* [YOUR OBJECTIVE] Only the lines from the one with "Compare the window" to the end of the listing below should be set down, exactly as written and without any pictures.
======
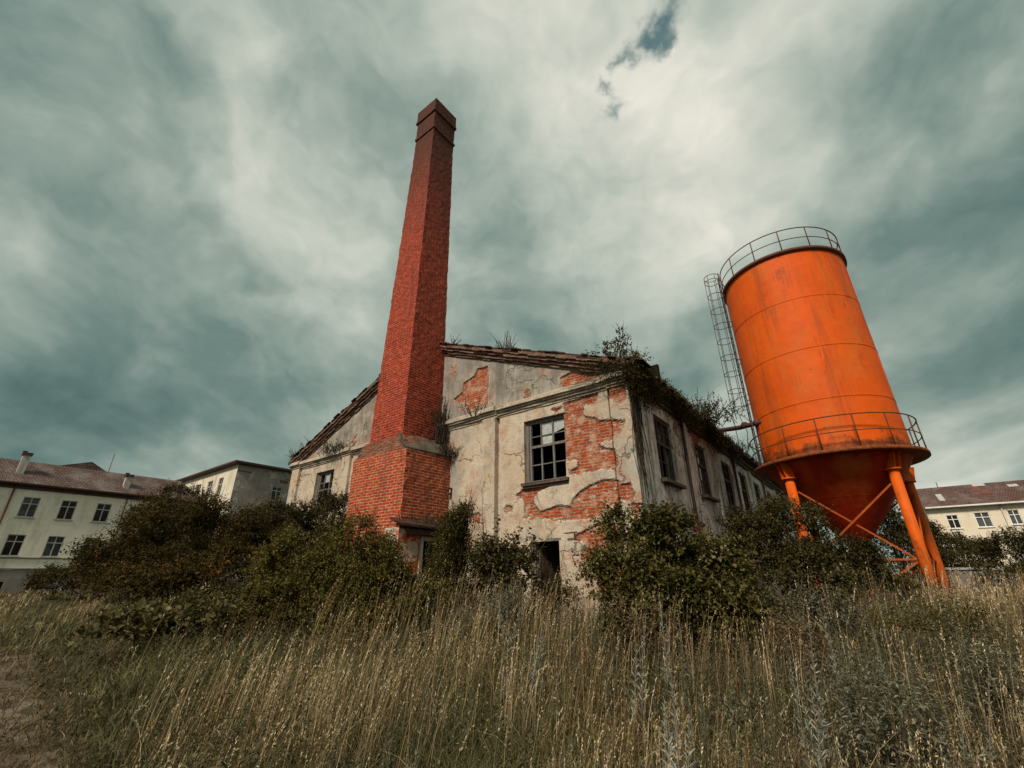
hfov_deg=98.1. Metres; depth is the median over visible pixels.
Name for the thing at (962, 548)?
tree
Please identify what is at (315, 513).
bush
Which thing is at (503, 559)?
bush
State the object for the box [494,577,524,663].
silver weed
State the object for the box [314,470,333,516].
window
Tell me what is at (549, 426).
window
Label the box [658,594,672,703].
silver weed
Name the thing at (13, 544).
window
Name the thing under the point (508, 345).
dry shrub
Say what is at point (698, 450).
window
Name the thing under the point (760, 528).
bush
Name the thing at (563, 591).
bush
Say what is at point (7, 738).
path turf
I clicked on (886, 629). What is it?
silver weed
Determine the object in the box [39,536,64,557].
window
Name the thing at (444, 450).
ledge tuft
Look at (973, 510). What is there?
ochre house
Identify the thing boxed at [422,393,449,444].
ledge weed
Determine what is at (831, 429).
silo
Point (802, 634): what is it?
weed clump
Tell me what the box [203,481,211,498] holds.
window
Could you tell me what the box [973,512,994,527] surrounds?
window
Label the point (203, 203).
sky
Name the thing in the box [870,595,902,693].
silver weed
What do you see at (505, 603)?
weed clump
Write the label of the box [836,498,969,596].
tree
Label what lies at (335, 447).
grass tuft
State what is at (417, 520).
roof moss
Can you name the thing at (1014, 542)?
tree
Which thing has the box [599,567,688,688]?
weed clump
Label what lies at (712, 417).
roof shrub
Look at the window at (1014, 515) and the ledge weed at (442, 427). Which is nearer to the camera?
the ledge weed at (442, 427)
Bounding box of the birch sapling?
[585,321,653,359]
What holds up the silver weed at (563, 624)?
on the meadow ground at (30, 710)
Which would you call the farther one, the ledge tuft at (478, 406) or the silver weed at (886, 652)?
the ledge tuft at (478, 406)
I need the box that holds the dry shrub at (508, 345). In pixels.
[493,331,516,348]
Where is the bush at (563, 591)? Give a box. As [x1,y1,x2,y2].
[523,542,583,626]
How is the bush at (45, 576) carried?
on the meadow ground at (30, 710)
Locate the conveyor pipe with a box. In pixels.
[719,419,760,431]
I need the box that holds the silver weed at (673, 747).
[659,669,696,767]
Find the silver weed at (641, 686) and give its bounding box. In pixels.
[629,613,649,738]
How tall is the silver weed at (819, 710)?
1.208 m
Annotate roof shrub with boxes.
[684,387,750,433]
[736,438,753,453]
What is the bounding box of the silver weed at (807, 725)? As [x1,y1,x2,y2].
[795,677,829,767]
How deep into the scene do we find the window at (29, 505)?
34.35 m
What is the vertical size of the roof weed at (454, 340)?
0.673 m
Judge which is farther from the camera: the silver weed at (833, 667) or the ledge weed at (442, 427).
the ledge weed at (442, 427)
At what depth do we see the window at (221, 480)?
45.94 m
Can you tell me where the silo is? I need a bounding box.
[704,226,955,606]
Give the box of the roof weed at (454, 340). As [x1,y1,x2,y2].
[445,333,460,349]
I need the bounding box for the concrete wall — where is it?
[945,567,1020,597]
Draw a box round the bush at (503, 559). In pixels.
[454,506,553,628]
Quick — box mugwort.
[315,567,1023,767]
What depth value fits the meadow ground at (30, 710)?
5.40 m
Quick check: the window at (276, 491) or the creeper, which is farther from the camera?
the window at (276, 491)
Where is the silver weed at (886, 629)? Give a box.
[875,583,892,661]
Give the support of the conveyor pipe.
attached to the silo
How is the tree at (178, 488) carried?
on the meadow ground at (30, 710)
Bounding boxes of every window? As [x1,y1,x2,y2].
[0,534,26,556]
[14,497,40,518]
[26,581,41,589]
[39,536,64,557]
[54,500,77,520]
[90,503,111,522]
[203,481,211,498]
[215,478,223,497]
[270,487,281,500]
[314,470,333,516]
[521,414,568,489]
[653,416,686,489]
[694,444,720,502]
[721,462,741,510]
[738,473,749,514]
[753,483,760,502]
[946,515,962,528]
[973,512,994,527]
[1006,510,1023,524]
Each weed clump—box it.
[149,669,333,767]
[431,568,527,654]
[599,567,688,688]
[737,589,869,685]
[788,621,1019,767]
[842,555,1020,687]
[908,592,1023,751]
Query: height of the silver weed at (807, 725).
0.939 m
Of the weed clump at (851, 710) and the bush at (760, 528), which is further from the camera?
the bush at (760, 528)
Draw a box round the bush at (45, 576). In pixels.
[13,542,185,600]
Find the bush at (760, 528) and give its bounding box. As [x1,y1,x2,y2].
[707,482,926,611]
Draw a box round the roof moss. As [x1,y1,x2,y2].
[387,510,451,528]
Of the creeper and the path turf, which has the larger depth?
the creeper
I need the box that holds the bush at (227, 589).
[119,563,259,637]
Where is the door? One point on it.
(551, 553)
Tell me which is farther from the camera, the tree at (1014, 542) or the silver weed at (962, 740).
the tree at (1014, 542)
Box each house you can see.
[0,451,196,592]
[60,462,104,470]
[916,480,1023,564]
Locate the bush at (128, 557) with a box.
[55,471,299,612]
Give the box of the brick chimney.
[345,98,456,557]
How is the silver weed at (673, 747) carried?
on the meadow ground at (30, 710)
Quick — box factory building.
[286,342,803,628]
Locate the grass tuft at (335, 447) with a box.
[300,439,351,457]
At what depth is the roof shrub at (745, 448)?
19.32 m
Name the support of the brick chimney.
on the meadow ground at (30, 710)
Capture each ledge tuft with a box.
[435,443,462,458]
[461,399,492,415]
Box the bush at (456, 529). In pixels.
[406,489,482,630]
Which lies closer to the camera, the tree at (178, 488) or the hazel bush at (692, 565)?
the hazel bush at (692, 565)
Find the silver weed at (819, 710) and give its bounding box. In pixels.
[787,619,835,767]
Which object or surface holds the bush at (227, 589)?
on the meadow ground at (30, 710)
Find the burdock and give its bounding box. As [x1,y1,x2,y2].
[67,587,280,656]
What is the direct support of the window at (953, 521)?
in the ochre house at (973, 510)
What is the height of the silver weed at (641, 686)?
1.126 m
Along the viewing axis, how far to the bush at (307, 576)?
8.42 m
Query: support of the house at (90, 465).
on the meadow ground at (30, 710)
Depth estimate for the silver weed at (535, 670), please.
5.33 m
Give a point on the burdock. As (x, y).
(139, 618)
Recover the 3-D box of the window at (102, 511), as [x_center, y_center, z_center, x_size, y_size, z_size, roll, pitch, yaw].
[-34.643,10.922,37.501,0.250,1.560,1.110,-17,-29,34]
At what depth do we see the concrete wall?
20.41 m
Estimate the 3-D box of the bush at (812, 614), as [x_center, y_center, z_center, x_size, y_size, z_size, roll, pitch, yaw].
[4.445,3.580,6.845,2.439,1.578,1.464,0,-23,0]
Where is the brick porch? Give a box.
[384,517,451,617]
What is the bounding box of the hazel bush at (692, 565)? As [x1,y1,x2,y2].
[571,487,798,664]
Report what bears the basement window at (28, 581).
in the long house at (47, 511)
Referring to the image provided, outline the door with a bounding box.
[539,545,561,613]
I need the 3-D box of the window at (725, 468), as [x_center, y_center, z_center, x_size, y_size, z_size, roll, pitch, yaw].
[8.644,4.053,17.642,0.359,1.875,1.625,-17,-29,34]
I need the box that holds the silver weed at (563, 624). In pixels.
[560,578,569,664]
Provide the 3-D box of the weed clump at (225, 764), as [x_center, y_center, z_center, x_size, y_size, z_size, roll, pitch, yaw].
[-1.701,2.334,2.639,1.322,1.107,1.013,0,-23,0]
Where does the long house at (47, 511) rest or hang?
on the meadow ground at (30, 710)
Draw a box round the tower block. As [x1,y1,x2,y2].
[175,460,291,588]
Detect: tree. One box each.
[106,477,236,603]
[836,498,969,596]
[890,515,1006,579]
[961,523,1023,592]
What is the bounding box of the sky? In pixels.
[0,0,1023,572]
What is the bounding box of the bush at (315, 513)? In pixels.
[229,486,348,610]
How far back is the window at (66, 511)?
35.96 m
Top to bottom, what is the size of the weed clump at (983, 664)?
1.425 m
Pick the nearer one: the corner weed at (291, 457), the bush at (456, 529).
the bush at (456, 529)
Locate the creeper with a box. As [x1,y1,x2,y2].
[565,351,746,505]
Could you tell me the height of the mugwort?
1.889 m
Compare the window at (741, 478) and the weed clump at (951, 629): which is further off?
the window at (741, 478)
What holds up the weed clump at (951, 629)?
on the meadow ground at (30, 710)
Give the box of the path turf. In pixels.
[0,645,122,767]
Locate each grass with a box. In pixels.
[0,552,1023,767]
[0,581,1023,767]
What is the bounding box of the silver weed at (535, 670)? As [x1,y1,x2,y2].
[526,608,547,700]
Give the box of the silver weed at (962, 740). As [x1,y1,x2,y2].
[934,671,996,767]
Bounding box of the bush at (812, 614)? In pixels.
[731,568,897,653]
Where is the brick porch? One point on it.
(415, 540)
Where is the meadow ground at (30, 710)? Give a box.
[0,573,1012,767]
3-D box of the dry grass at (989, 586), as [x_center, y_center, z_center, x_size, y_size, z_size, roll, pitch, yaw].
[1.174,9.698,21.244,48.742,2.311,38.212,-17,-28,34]
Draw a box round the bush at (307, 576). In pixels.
[218,496,456,645]
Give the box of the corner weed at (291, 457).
[289,442,302,458]
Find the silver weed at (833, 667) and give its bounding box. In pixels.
[819,606,845,712]
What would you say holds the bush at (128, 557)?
on the meadow ground at (30, 710)

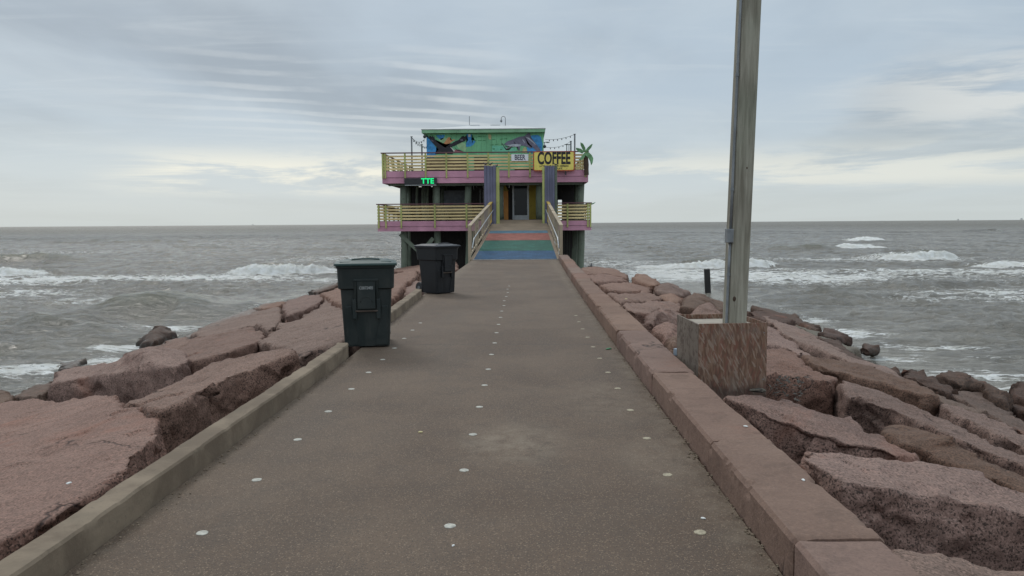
======
* [TASK ANSWER]
Compare the window at (741, 478) and the weed clump at (951, 629): which is further off?
the window at (741, 478)
What holds up the weed clump at (951, 629)?
on the meadow ground at (30, 710)
Give the box of the path turf. In pixels.
[0,645,122,767]
Locate each grass with a box. In pixels.
[0,552,1023,767]
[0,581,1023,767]
What is the bounding box of the silver weed at (535, 670)? As [x1,y1,x2,y2].
[526,608,547,700]
Give the box of the silver weed at (962, 740). As [x1,y1,x2,y2].
[934,671,996,767]
Bounding box of the bush at (812, 614)? In pixels.
[731,568,897,653]
Where is the brick porch? One point on it.
(415, 540)
Where is the meadow ground at (30, 710)? Give a box.
[0,573,1012,767]
3-D box of the dry grass at (989, 586), as [x_center, y_center, z_center, x_size, y_size, z_size, roll, pitch, yaw].
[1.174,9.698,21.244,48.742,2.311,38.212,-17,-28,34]
Draw a box round the bush at (307, 576). In pixels.
[218,496,456,645]
Give the box of the corner weed at (291, 457).
[289,442,302,458]
Find the silver weed at (833, 667) and give its bounding box. In pixels.
[819,606,845,712]
What would you say holds the bush at (128, 557)?
on the meadow ground at (30, 710)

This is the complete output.